To further validate the nature of reconstruction of the connectivity patterns for various ROIs, we performed a seed-based correlation analysis using the mean FC matrices predicted from the three models. We chose the left posterior cingulate cortex (PCC) as a seed region since it has been known to have an important functional role as a hub region of the default mode network33. Figure 3 plots the correlation values between left PCC and all other regions on the brain surface reconstructed from the Desikan-Killiany atlas34. Cool (hot) colors suggest low (high) connectivity (correlation) of that particular region with the left PCC (shown as dark red color in the mean empirical FC). The MKL model could reconstruct the connectivity pattern with higher precision than the other two models. It appears that due to very high correlation of left PCC with all other regions, DMF model could not as clearly distinguish the boundary between regions. SDK model could not possibly distinguish them due to very sparse connectivity between left PCC and all other regions.

Figure 4
figure 4

Model Performance on Sparse/Thresholded SCs. Structural Connectivity (SC) matrices for each subject were sparsified using 9 sparsification values. The three models were tested using these sparsified SCs. The plot shows the mean correlation values along with the standard deviation across subjects at each sparsification level. While MKL model was pre-trained with the un-sparsified SCs, a single optimal parameter was derived from the training data for each of the DMF and SDK models and used for estimating FC for the test subjects. The performance of MKL model starts to be superior after the sparsification level of 15% of the remaining edges. It appears that since MKL model selects the scales closely based on the SCs, the model performance degrades at very high sparsification levels.

Effect of Thresholding

The rich-club organization of the structural connectivity (SC) matrix is previously demonstrated to be the backbone for generating the functional connectivity patterns35,36,37. Therefore we set out to investigate the impact of using thresholded SCs for predicting FCs. We pruned the SCs of all subjects by keeping only top T% of the connections (see Supplementary Section 1.4 for details). Each of these sparse matrices was passed as input to the learned MKL model. For each sparse SC, corresponding FC was predicted. Pre-learned π i ′s were used for predicting FCs in the MKL model. Similarly, fixed diffusion scale and G parameters were used for SDK and DMF models for comparative evaluation. Figure 4 shows the mean correlation between empirical FC and predicted FCs for each of the sparse SC matrices. As can be seen, DMF and SDK models attain their respective optimum performance even when only few (as low as 10%) strongest edges in SC remained. On the other hand, MKL model requires both strong edges and few local edges, and hence its performance starts increasing from T = 15% and is significantly superior at all thresholds above this value. This result suggests that functional patterns may be primarily decided by the initial co-activations captured by π i ′s and that the structural constraints of individual SCs provide paths for these activities to diffuse, giving support to our hypothesis. Nevertheless, stable performance with sparsification as high as with T = 20% indicates that all the models obey the basic rich-club principle.

Figure 5
figure 5

Model Performance with Perturbed Structural Connectivity (SC) Matrices. Randomly perturbed SCs (N = 250 sets) of the test subjects were used for estimating the FCs with the trained models. Sub-figures depict histograms of model’s mean performance (Pearson correlation between empirical and predicted FCs): (a) MKL; (b) DMF; and (c) SDK model, respectively. The sub-plots (top right corners) within these sub-figures zoom in on the histograms for clarity. As expected, all the models depict degradation in performance with perturbed SCs.

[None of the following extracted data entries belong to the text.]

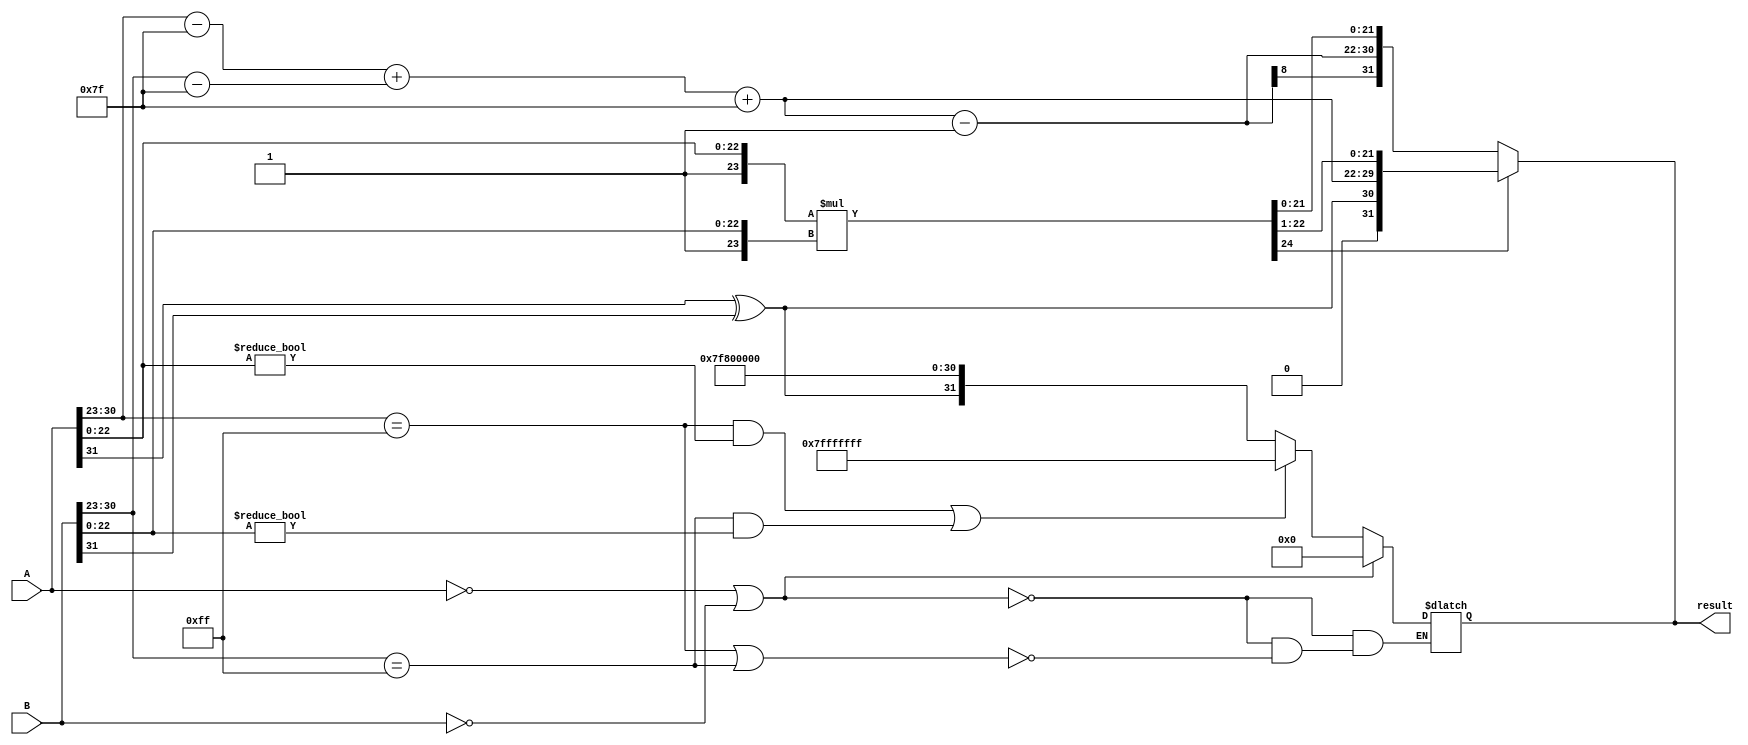
module fp_multiplier (
    input  wire [31:0] A,  // First floating-point number
    input  wire [31:0] B,  // Second floating-point number
    output reg  [31:0] result // Resulting floating-point number
);

    // Constants
    parameter BIAS = 8'd127;
    parameter EXPONENT_WIDTH = 8;
    parameter MANTISSA_WIDTH = 23;

    // Internal signals
    wire sign_A, sign_B, sign_result;
    wire [EXPONENT_WIDTH-1:0] exponent_A, exponent_B, exponent_result;
    wire [MANTISSA_WIDTH-1:0] mantissa_A, mantissa_B;
    wire [MANTISSA_WIDTH+1:0] mantissa_result; // 24 bits to accommodate normalization
    wire [7:0] exponent_adjusted_A, exponent_adjusted_B;
    wire [7:0] exponent_raw_result;

    // Extract sign, exponent, and mantissa from inputs
    assign sign_A = A[31];
    assign exponent_A = A[30:23];
    assign mantissa_A = A[22:0];
    
    assign sign_B = B[31];
    assign exponent_B = B[30:23];
    assign mantissa_B = B[22:0];

    // Calculate sign of the result
    assign sign_result = sign_A ^ sign_B;

    // Adjust exponents (subtract bias)
    assign exponent_adjusted_A = exponent_A - BIAS;
    assign exponent_adjusted_B = exponent_B - BIAS;

    // Calculate raw exponent result
    assign exponent_raw_result = exponent_adjusted_A + exponent_adjusted_B + BIAS;

    // Normalize mantissas by adding implicit leading 1
    wire [MANTISSA_WIDTH:0] normalized_mantissa_A = {1'b1, mantissa_A};
    wire [MANTISSA_WIDTH:0] normalized_mantissa_B = {1'b1, mantissa_B};

    // Multiply mantissas
    assign mantissa_result = normalized_mantissa_A * normalized_mantissa_B;

    // Normalize the resulting mantissa and adjust the exponent if necessary
    always @(*) begin
        if (mantissa_result[MANTISSA_WIDTH+1]) begin // If mantissa result is 24 bits
            // Need to right shift (normalize)
            result = {sign_result, exponent_raw_result[EXPONENT_WIDTH-1:0], mantissa_result[MANTISSA_WIDTH-1:1]};
        end else begin
            // If mantissa is less than 1, left shift (normalize)
            result = {sign_result, exponent_raw_result[EXPONENT_WIDTH-1:0] - 1, mantissa_result[MANTISSA_WIDTH-2:0]};
        end
    end
    
    // Handle special cases for zero, infinity, and NaN
    always @(*) begin
        // Zero case
        if (A == 32'b0 || B == 32'b0) begin
            result = 32'b0;
        end
        // Infinity case
        else if (exponent_A == 8'hFF || exponent_B == 8'hFF) begin
            if ((exponent_A == 8'hFF && mantissa_A != 0) || (exponent_B == 8'hFF && mantissa_B != 0)) begin
                // NaN case
                result = 32'h7FFFFFFF; // Set NaN representation
            end else begin
                // Result is infinity
                result = {sign_result, 8'hFF, 23'b0};
            end
        end
        // Normal case handled in the previous always block
    end
    
endmodule

Interestingly, MKL model captures the differences in sparsity levels better when compared to the other two models, especially when SC was pruned to keep the strongest edges between 10–20%. This behavior suggest that pre-trained π i ′s in MKL model do not compensate for major loss of information in sparsified SCs, thereby indicating avoidance of overfitting. Please see Supplementary Section 1.4 for the exact threshold values for this procedure.

Robustness of the MKL Model

The proposed model learns a latent representation, Π that maps the relationship between SC and FC. This being the crucial difference between MKL and other models, we performed extensive robustness tests to verify the usefulness of learning the π i ′s. To ascertain that the model’s representation learns important features and does not capture the SC-FC mapping by chance, we conducted the following four randomization experiments. In the first one we randomize the input to the model (i.e., SCs) (see Fig. 5) and in the second the learning itself is conducted based on perturbed SCs (see Supplementary Fig. S5). In the third experiment we disturb the scale-specific relation between the learned π i ′s and H i ′s (see Eq. 21) and finally in the fourth experiment the constituent rows of π i ′s are randomly permuted (see Fig. 6).

Figure 6
figure 6

Investigation of the Impact of Altering the Scale-specificity of the Parameters π′s. Two studies are conducted where the first study (a) looks at the impact of changing the scale-specificity of the π′s and the second study (b) looks at the impact of a larger-scale alteration when the components of individual π matrices are themselves altered. (a) This sub-figure depicts the result of swapping each of the π i matrices with the last matrix, i.e., with π16. For example, the first data point shows the mean performance when π1 is swapped with π16, the second data point corresponds to the case when π2 is swapped with π16 and so on for each of the 16 π i matrices being swapped with the last matrix π16. Thus the last data point corresponds to the case when the original order was retained. The error bars represent the standard deviation. The results suggest scale-specificity of the learned parameters, i.e., in the sense that the performance degrades drastically if the π matrices of one scale are swapped with a π matrix of a distant scale. (b) The histogram of Pearson correlations depicts the performance when all the π i matrices are stacked together and the rows of the resulting stacked Π-matrix are swapped randomly 250 times. Such global alteration drastically degrades the performance. Together, these results indicate that the learned parameters do not predict FCs by chance but play a crucial role in the MKL model.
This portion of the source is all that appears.